Working data
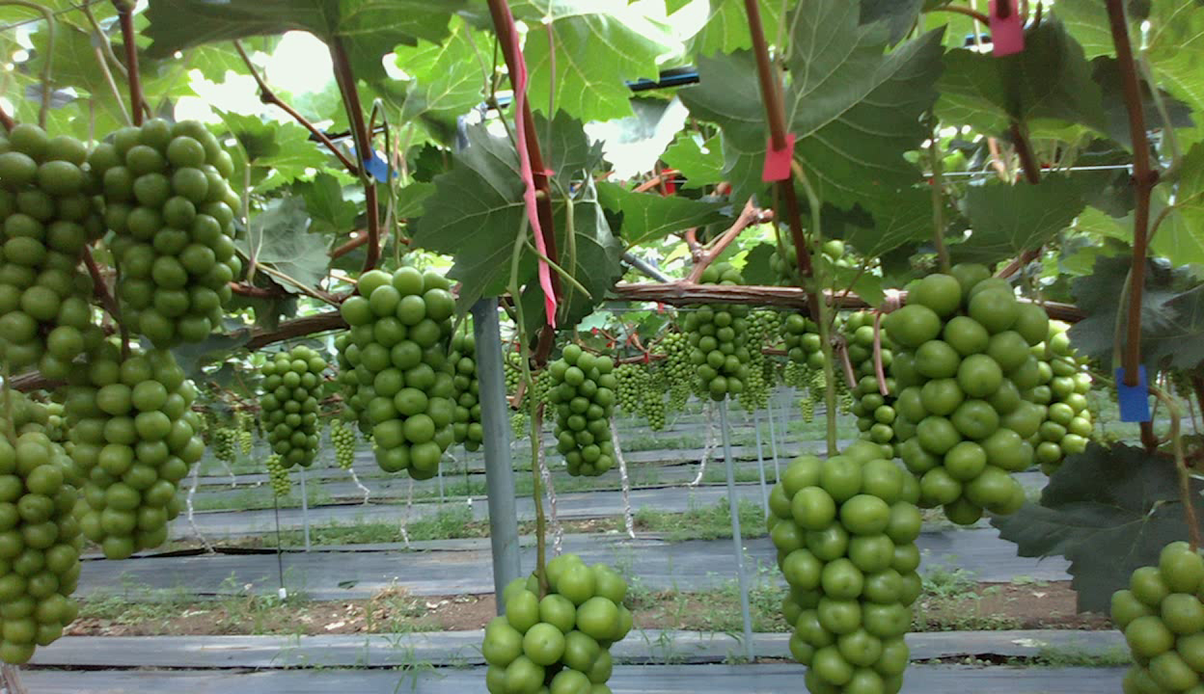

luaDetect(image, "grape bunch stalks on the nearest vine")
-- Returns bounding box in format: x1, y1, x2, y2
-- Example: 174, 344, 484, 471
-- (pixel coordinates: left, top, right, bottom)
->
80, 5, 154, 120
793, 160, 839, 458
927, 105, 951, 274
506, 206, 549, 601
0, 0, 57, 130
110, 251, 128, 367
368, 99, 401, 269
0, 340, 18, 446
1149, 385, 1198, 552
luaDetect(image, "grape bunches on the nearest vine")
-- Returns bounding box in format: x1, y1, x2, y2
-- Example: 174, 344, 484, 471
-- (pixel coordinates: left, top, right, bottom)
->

Task details
Would you copy every line of the entries that includes the word "image"?

Response area
luaDetect(image, "grape bunch stalks on the nearest vine")
luaDetect(image, "grape bunches on the nearest vine")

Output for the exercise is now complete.